Your instructions: Return each line of the entries that holds the string "this".

Entries supplied:
- Opening Delimiter -
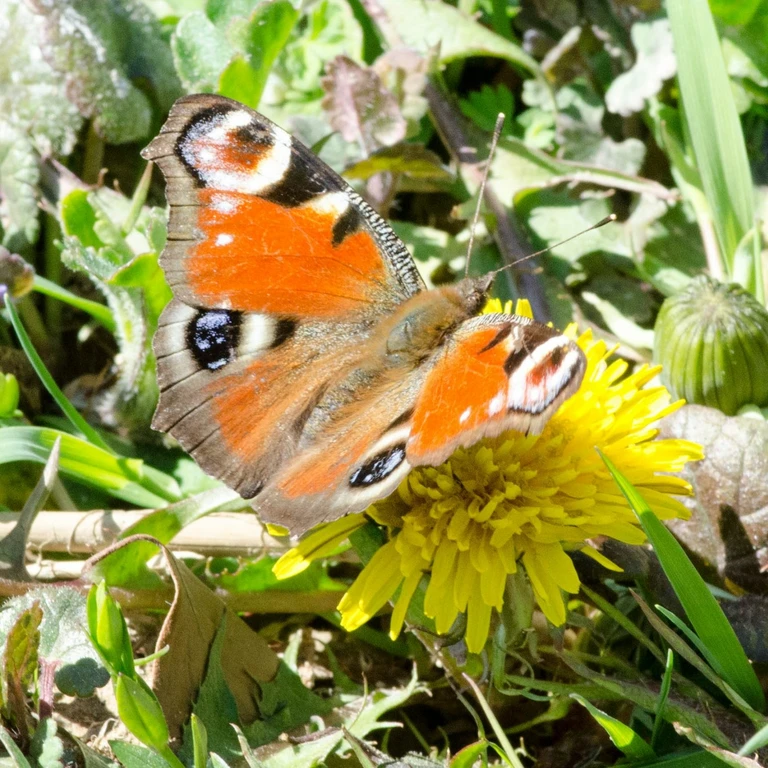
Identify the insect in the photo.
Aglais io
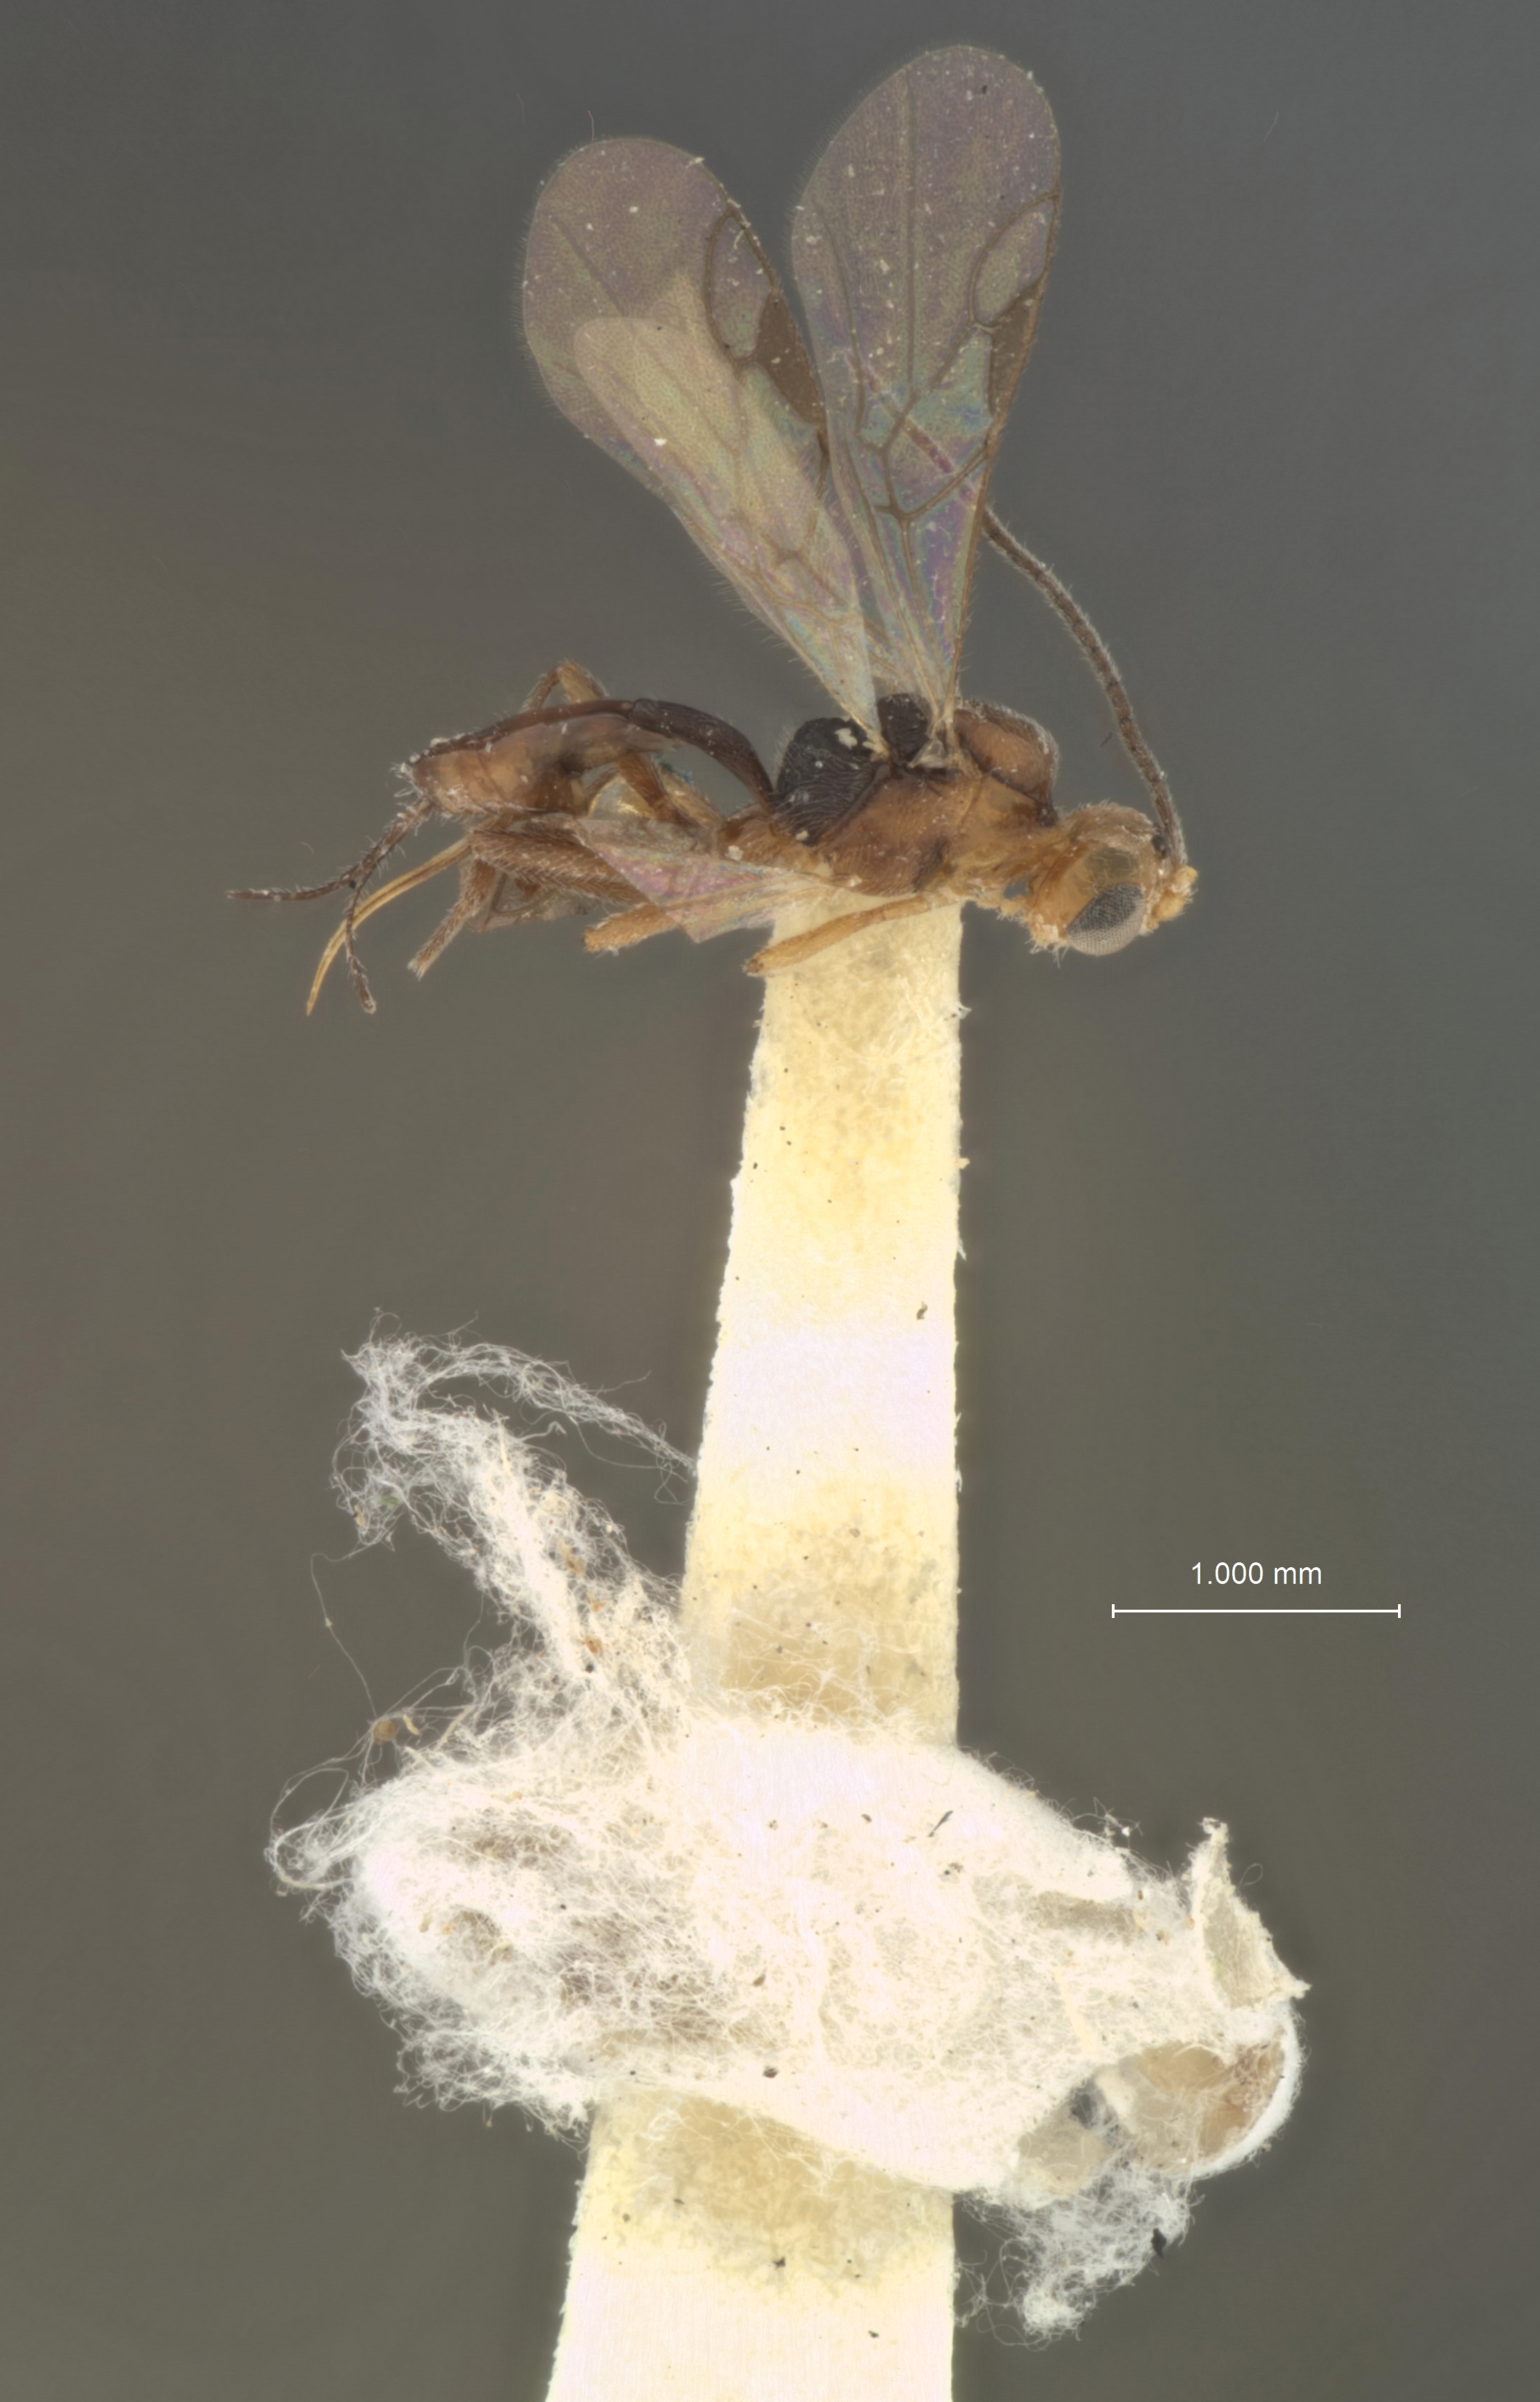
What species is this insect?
- Closing Delimiter -
- Opening Delimiter -
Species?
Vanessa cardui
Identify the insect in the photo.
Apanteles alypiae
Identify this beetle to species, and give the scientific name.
- Closing Delimiter -
Written solution:
What species is this insect?
Identify this beetle to species, and give the scientific name.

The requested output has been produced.